Tom Robbins has finally put out a new book! Let’s get out the whiskey & party like it’s last year, baby! OK…I understand that this may not excite everybody, but it sure as hell excited me. I stumbled across it as I was giving a different fierce invalid a tour of a library (with some pretty hot climates, might I add), and it was the biggest thrill I’ve had standing up in a long time. (Don’t get me started on how many times I’ve started stripping because I had to go into the East Asia Collection. Woo wee, it is hot!)

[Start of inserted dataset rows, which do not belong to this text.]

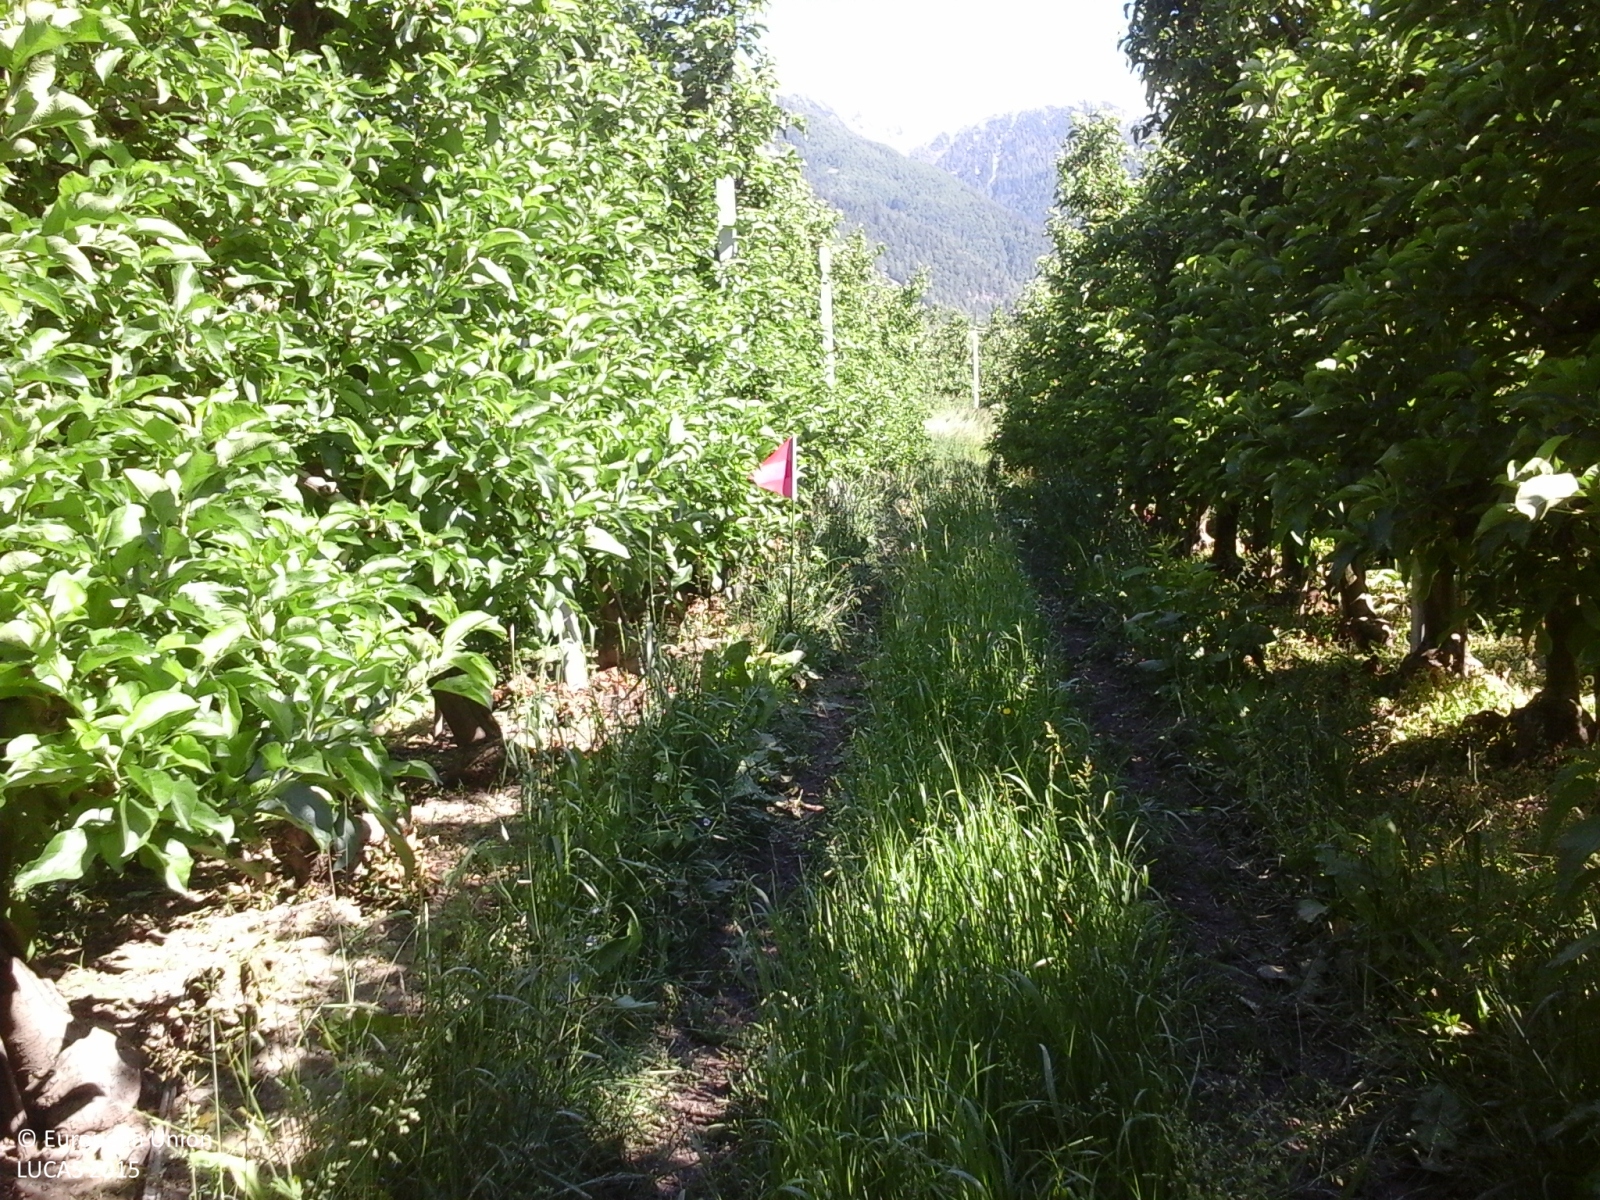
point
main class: Cropland
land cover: Apple fruit
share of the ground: > 75 %
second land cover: Grassland without tree/shrub cover
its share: > 75 %
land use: Agriculture (excluding fallow land and kitchen gardens)
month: May
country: IT
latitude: 46.6178
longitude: 10.8739
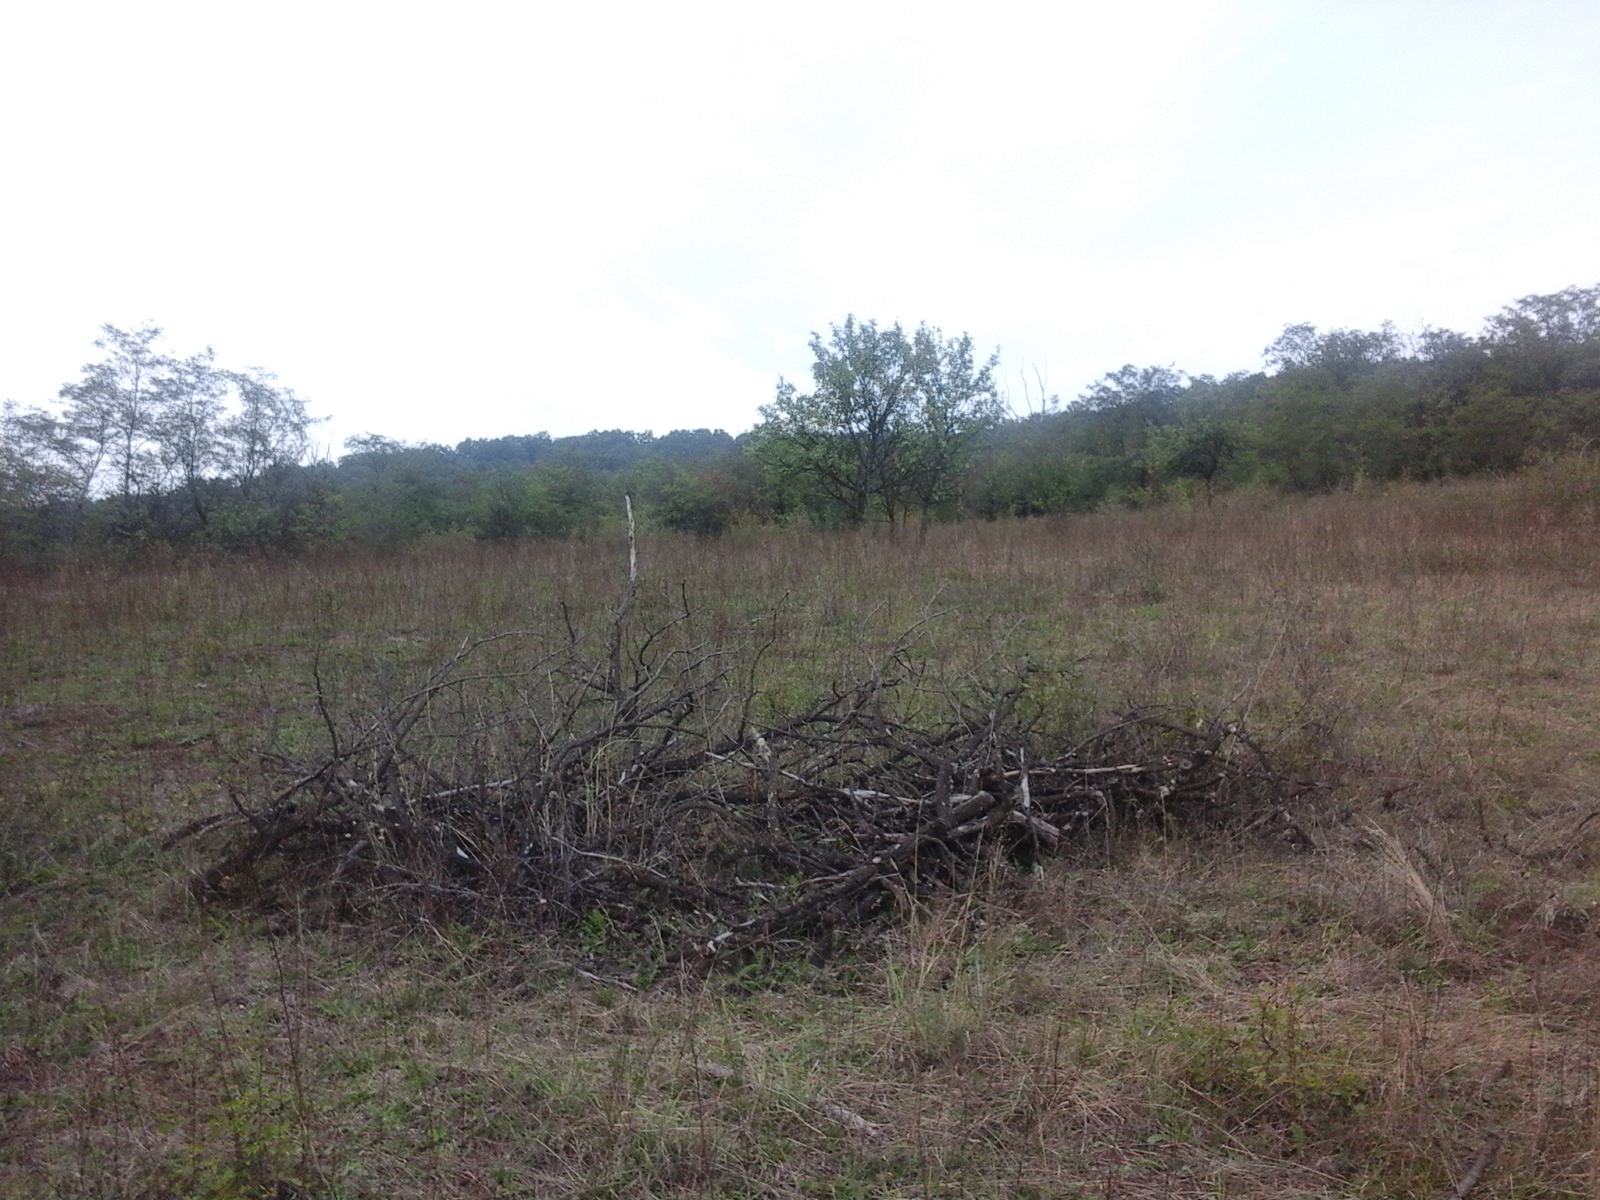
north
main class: Cropland
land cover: Other fruit trees and berries
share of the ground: > 75 %
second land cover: Grassland without tree/shrub cover
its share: > 75 %
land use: Agriculture (excluding fallow land and kitchen gardens)
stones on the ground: < 10 %
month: September
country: RO
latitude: 45.7576
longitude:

So, now that I’ve let my significant bias out of the bag, you can read my review knowing full well that I may have a tendency to exaggerate his genius or I may be a fan of his older work who will only say that “he’s not as good as he used to be.” I’ll guess I’ll be a mixture of the two.

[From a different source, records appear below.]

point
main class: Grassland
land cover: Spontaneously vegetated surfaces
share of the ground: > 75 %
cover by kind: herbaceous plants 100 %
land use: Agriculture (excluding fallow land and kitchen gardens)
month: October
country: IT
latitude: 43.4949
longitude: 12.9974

Fierce Invalids starts with a whimper -- or a befuddled grunt. Some disconnected scenes from various parts of the story are thrown at you to see if you can take it. If you’re worthy of being a Tom Robbins reader. Hopefully you are, because it only gets better from here. We have one fierce invalid, Switters, who is such a wild combination of opposites that it blows my dichotomy-obsessed mind. He’s a drug-using CIA operative who dislikes authority, sanity, and dogma; a lusty-eyed lover of youth (especially in the form of his teenaged stepsister) who goes gaga for a middle-aged nun; a vegetarian who can’t pass up good ol’ red eye gravy. The fun never ends when you’re in this man’s head!

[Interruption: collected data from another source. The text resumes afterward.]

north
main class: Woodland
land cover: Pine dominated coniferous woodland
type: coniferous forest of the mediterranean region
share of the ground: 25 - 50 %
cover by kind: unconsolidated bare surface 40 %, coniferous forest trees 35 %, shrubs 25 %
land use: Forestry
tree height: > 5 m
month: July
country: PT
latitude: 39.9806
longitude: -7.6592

I should step back for a moment. Switters isn’t really an invalid. He’s the victim of a Kandakandero curse placed on him as payment for a drug-induced enlightening experience at the hands of a man whose head is precisely the shape of a pyramid. If he there isn’t air between his feet and the ground, he will die. His methods for getting around this particular mobility impairment, not to mention his explanation to his boss at the CIA, are reason enough to read the book. His travels (mostly from two inches above the ground) take him to Peru with his elitist computer-hacker grandmother’s parrot (quite tasty!), to California to try to get into a young girl’s pants while studying the Fatima prophecies, to Syria first for covert business activities from his wheelchair across desert sands and then for explorations of convent life with some renegade nuns who throw off their habits into a fire beneath his window, and finally to the Vatican while dressed in full nun’s regalia. Who could resist the insanity that Tom Robbins makes into truth? (Hmm… now I understand Grandpa’s philosophical pro-wrestling analysis. I like it. I like it very very much.)

Fierce Invalids is certainly not the best book in the Tom Robbins’ collection, but it IS excellent nonetheless. With his forceful flaunting of opposites, Switters is a character worthy of this book’s 432 pages. If you share my taste for the absurd, you should read Tom Robbins…everything by Tom Robbins. Especially this book. But PLEASE, for the love of God and dark chocolate, don’t read one of his four newer books before you’re read at least one of the first three (Another Roadside Attraction, Even Cowgirls Get the Blues, Still Life with Woodpecker) and preferably all of them. You need to understand the absurdity and spirituality that IS Tom Robbins before you can accept the “throw ‘em in the water and make ‘em swim” approach that he’s adopted since the 80’s. Heed my warning. I cannot be held responsible for your grim fate if you dare to step directly on the ground.